Believe it or not there are companies out there that make $50 million dollar mistakes. “How ABC Was Used in Capital Budgeting” examines how one Fortune 500 company almost made what could have been an extremely devastating $50 million dollar mistake by carrying out a “cybermall” project based on favorable business case forecast results. Luckily, upper management was willing to allow their Chief Financial Officer to conduct further analysis before making this investment decision.
This article examines an industry leader that, in the 1990s, was looking for the next big business opportunity in the electronic market place. With nothing else out there like a “cybermall” bringing buyers and sellers together in the comfort of any television marketplace, senior management believed their “speed to market” with this project would really give them an edge. Revenues would be generated from the rents charged to sellers in this marketplace, as well as advertisers that wished to place their advertisements on the site. Capital investments of $50 million were expected over the initial 10 years of implementing this project, mostly for infrastructure and network development, database and application development, and other minor deployment related activities. Based on a simple overview, or a business case forecast, this “cybermall” project appears to be a good investment with healthy expected profits and positive net cash flows, which initially appeared enticing to upper management.
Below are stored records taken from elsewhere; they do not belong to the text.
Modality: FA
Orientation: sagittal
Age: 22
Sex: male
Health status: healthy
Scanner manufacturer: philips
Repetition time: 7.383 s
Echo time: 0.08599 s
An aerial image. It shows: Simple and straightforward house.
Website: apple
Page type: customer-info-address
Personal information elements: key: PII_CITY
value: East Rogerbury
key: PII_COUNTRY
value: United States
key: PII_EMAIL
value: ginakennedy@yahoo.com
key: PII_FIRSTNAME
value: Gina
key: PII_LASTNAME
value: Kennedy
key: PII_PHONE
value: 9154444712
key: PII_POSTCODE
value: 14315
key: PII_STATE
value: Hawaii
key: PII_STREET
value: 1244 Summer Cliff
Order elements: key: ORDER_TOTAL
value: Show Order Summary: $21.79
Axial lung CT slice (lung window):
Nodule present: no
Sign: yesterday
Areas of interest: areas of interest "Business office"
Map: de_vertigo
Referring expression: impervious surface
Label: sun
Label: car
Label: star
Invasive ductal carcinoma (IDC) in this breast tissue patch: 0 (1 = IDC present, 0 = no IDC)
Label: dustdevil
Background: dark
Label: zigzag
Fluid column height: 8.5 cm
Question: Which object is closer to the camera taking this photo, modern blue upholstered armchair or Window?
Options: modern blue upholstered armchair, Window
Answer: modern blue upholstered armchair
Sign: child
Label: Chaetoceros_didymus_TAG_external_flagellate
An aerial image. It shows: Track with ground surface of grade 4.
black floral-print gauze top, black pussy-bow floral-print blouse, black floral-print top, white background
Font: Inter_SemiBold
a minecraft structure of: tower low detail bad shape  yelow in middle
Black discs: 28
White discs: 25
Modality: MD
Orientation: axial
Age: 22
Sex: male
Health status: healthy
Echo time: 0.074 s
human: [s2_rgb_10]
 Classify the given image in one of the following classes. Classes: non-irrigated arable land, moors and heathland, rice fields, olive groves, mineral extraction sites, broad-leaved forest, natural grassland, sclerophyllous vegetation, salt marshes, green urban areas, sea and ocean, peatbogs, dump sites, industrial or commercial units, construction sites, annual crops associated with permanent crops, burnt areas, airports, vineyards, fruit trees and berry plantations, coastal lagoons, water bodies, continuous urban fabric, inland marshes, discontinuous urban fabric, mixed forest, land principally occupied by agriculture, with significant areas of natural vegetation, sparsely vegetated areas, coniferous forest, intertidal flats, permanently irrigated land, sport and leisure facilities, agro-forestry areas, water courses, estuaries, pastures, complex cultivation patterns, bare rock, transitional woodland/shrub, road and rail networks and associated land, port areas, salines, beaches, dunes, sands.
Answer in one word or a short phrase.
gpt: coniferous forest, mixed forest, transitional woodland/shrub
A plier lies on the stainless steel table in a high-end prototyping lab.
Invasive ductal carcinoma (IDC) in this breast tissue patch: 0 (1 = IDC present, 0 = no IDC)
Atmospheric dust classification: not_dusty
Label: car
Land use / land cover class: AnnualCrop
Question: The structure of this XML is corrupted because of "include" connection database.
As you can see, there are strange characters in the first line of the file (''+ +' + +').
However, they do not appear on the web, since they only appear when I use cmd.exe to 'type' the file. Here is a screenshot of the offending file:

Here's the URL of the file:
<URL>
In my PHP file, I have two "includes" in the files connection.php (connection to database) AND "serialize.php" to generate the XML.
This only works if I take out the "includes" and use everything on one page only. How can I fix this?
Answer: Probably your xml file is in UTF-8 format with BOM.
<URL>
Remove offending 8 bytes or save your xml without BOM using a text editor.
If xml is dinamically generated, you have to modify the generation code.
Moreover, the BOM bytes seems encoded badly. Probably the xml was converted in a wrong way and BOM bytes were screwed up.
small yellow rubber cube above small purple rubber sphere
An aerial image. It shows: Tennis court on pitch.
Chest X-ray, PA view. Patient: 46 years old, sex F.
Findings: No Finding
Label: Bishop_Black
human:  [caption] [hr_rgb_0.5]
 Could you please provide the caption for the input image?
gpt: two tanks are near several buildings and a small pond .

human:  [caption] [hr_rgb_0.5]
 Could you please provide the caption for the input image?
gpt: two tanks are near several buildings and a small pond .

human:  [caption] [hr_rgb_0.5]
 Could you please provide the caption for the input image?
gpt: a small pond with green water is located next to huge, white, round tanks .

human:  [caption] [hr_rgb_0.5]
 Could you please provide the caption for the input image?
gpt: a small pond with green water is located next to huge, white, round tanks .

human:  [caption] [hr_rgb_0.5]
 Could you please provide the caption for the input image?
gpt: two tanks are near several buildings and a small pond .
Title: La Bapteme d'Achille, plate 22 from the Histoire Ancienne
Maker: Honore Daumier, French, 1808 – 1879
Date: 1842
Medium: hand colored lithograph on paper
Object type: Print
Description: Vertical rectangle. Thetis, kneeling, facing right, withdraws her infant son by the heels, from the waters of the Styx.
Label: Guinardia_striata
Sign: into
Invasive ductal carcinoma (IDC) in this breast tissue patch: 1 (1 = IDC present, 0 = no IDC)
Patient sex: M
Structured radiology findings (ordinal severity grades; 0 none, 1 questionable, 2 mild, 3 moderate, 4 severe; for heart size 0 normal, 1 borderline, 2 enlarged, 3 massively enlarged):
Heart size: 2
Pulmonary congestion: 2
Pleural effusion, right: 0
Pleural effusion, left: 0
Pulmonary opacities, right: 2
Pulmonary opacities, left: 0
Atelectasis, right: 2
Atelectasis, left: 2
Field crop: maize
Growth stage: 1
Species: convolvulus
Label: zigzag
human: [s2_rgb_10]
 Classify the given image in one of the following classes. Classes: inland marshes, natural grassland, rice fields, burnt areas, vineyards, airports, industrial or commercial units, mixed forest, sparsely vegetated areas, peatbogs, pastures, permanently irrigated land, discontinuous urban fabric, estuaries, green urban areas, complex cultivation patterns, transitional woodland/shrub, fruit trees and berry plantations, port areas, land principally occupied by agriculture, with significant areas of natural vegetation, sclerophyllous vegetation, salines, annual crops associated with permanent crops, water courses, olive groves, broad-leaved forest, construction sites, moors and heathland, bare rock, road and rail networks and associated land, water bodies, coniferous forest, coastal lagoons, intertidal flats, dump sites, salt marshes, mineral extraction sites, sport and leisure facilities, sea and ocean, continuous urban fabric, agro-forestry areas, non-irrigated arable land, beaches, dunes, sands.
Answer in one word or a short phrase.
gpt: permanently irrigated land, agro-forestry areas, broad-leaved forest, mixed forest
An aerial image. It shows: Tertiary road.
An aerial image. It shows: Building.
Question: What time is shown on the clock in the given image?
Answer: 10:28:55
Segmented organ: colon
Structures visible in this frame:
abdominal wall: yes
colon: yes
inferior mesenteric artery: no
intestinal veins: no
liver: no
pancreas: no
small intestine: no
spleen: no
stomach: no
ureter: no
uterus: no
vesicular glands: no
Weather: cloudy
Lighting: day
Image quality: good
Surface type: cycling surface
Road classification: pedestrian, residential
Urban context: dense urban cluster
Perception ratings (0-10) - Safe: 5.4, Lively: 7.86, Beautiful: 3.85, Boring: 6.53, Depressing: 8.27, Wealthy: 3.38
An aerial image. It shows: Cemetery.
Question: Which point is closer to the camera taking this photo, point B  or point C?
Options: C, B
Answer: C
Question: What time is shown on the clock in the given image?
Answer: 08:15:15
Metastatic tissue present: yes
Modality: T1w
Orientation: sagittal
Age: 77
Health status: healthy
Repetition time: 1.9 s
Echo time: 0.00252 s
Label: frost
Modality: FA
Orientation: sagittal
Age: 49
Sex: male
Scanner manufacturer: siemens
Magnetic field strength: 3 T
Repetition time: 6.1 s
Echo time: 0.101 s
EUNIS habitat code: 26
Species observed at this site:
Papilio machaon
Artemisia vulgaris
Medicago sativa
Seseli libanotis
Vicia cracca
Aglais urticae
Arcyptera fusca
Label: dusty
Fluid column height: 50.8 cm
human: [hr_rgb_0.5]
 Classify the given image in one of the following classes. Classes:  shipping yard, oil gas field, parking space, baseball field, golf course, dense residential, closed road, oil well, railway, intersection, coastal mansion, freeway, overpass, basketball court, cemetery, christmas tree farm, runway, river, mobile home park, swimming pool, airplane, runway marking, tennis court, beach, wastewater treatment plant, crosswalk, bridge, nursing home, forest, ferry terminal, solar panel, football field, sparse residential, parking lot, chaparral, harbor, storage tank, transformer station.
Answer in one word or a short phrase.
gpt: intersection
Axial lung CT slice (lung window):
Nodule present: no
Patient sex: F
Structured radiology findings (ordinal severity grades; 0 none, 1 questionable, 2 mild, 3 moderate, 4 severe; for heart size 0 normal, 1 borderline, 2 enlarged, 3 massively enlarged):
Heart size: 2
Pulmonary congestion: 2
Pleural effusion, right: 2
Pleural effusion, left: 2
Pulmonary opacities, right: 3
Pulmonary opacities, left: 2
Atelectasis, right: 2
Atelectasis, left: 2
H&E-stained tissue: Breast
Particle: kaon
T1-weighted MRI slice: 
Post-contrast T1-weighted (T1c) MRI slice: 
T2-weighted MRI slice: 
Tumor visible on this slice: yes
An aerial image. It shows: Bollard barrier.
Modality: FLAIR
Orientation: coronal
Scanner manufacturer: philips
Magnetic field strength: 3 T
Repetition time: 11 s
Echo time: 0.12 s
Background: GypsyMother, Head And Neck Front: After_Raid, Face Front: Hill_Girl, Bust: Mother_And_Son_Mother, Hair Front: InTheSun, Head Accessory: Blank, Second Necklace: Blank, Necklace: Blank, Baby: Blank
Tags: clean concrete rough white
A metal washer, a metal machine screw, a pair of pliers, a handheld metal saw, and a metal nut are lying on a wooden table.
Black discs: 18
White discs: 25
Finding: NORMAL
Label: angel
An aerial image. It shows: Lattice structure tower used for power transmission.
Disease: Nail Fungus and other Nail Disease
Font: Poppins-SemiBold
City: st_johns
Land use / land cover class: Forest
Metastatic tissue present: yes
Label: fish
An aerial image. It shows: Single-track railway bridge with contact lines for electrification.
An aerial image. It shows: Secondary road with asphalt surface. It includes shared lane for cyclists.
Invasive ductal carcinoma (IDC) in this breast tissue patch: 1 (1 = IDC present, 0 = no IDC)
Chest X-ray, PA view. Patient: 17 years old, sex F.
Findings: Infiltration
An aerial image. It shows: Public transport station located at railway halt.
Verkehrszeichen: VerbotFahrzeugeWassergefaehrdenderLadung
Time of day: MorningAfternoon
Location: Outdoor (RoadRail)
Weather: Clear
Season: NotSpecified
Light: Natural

The CFO being all too familiar, however, with the overly optimistic picture that can be painted by a broad strategic analysis insisted this projected be broken down, tactically translated and analyzed for risk potentials. The CFO didn’t employ just any method of analysis; he used an activity based cost (ABC) model (with benchmarking) to forecast business activities, revenues, and operating and capital costs more precisely then had been done with the business case forecast. The ABC model...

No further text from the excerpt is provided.